Off Zandvoort in the Netherlands.
We finally reached IJmuiden Seaport Marina at around 17.00. The weather was windy, sunny, hot and humid! We were given an alongside berth from the marina office (VHF channel 74) along the far wall. After we were securely tied up I walked to the marina office to pay our fees. It’s a huge marina and it took almost 15 minutes to walk to the office! Keep in mind that unless you have a boat over 14 meters, you can try to find a berth that’s far closer the the marina facilities. Avoid the harbour wall on the port side of the entrance if you can!
The Marina Seaport IJmuiden
It was a balmy 32°C (90°F), and we were sheltered from the wind next to the high harbour wall.

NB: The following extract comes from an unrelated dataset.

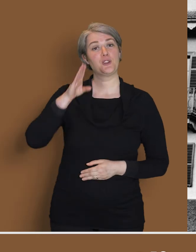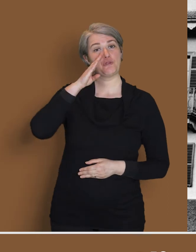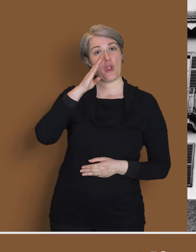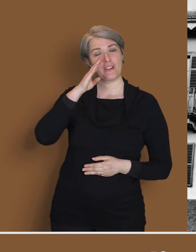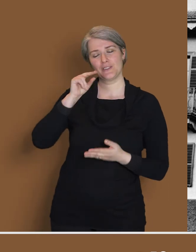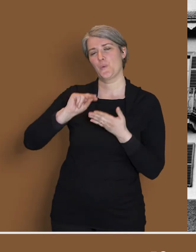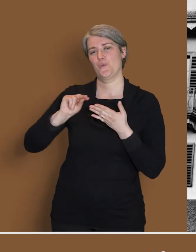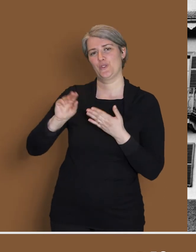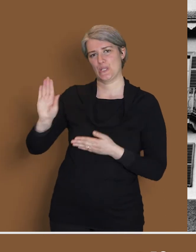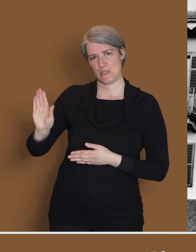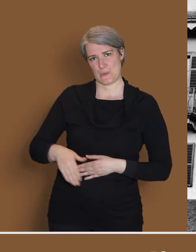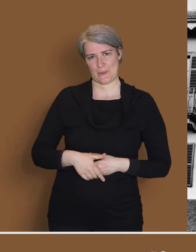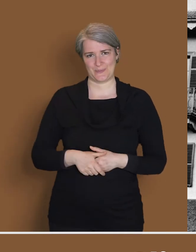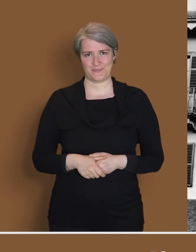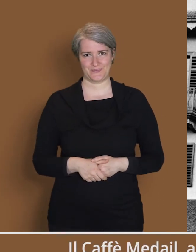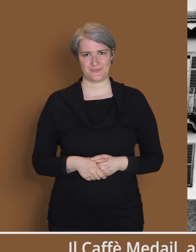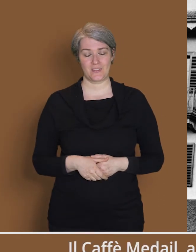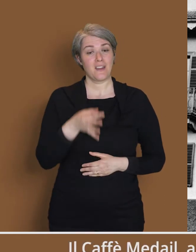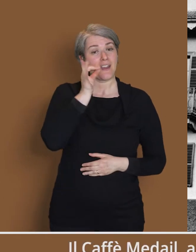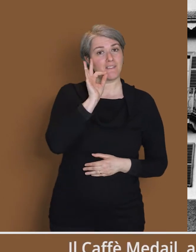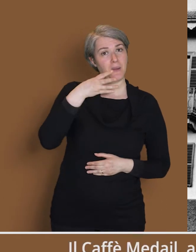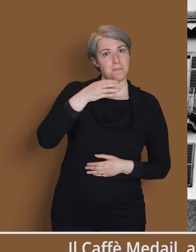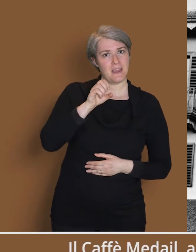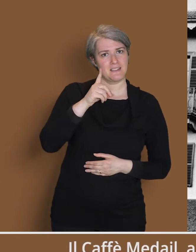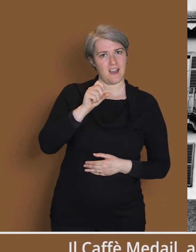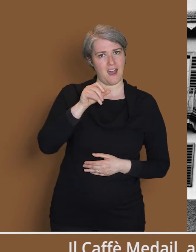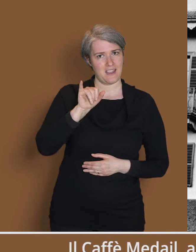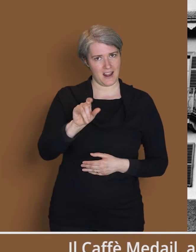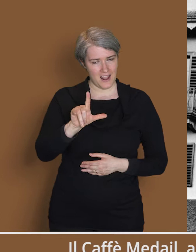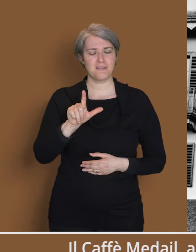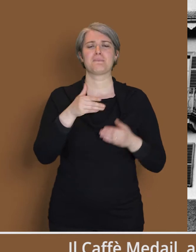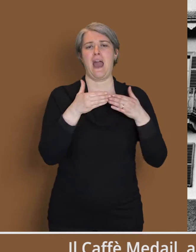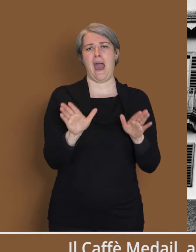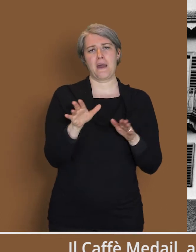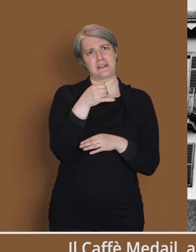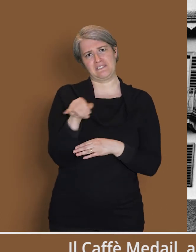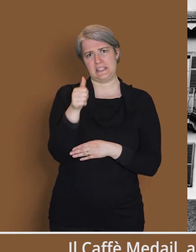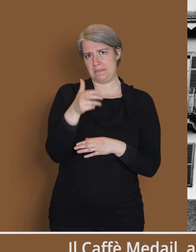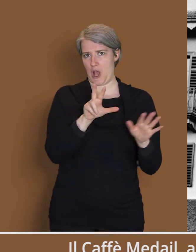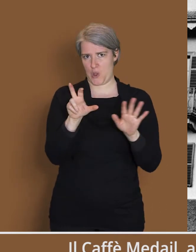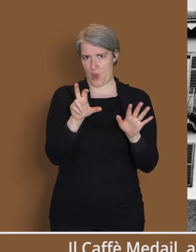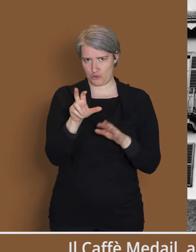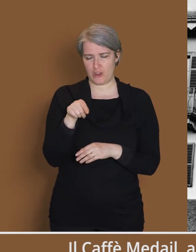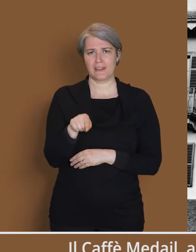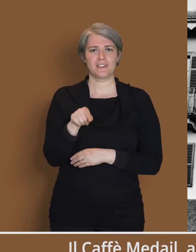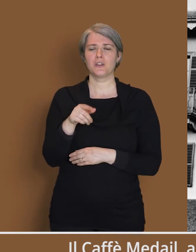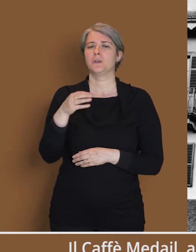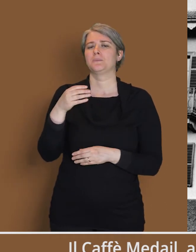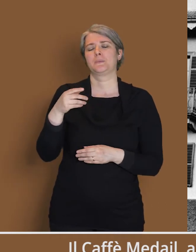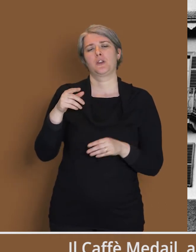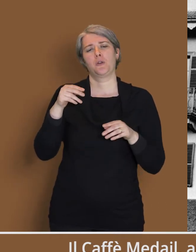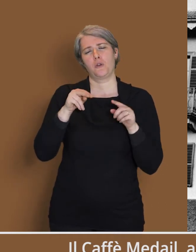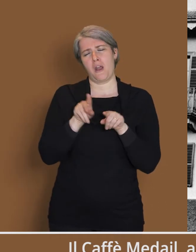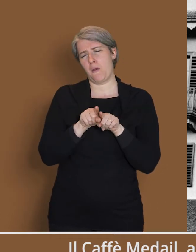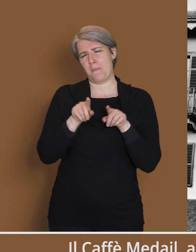Gli uffici di Giolitti Il caffè Medaille, aperto a fine ottocento, fu per lunghi anni il centro di ritrovo di
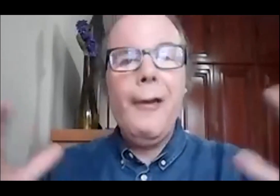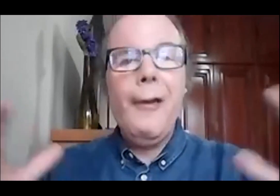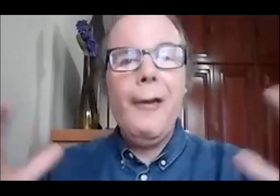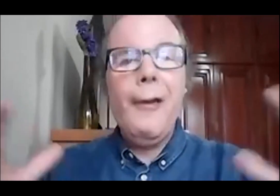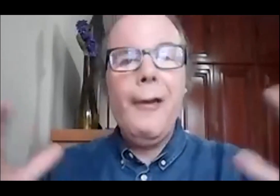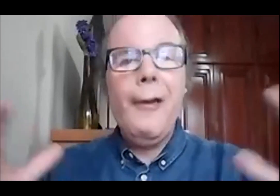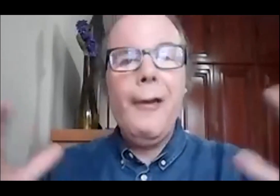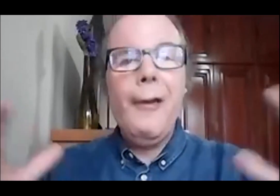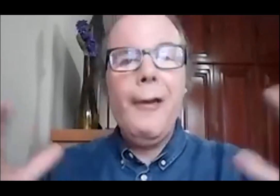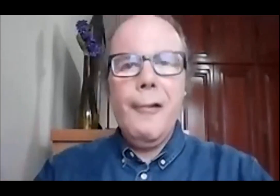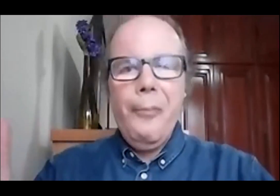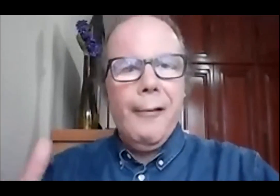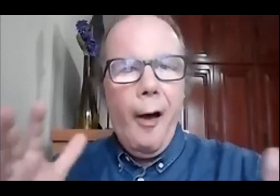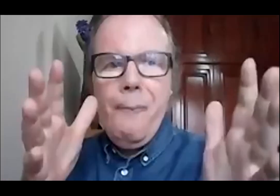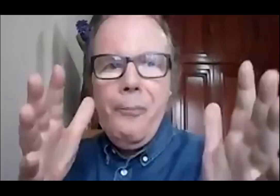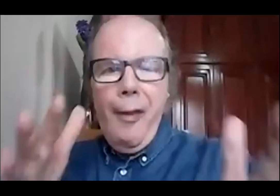beleza.

Time to turn on the air conditioner! Who would have thought we’d need the air conditioner in the Netherlands!
After a late dinner and a glass of wine we retired to our bunks just as the wind suddenly picked up from another direction – the southwest. Jacques, Mark and I went back up on deck to check our dock lines and fenders. Everything was fine. But two minutes later, while I was brushing my teeth, the sounds of loud cursing in French put me on high alert.
It was a Sun Odyssey 42 with 6 or 7 men, all shouting epithets at the top of their lungs. I’ll spare you the translation. If they were going to try to raft up to us in these winds, it would not be pretty. After several attempts in various berths around the marina, they finally tied up at another pier and we were all able to get some sleep.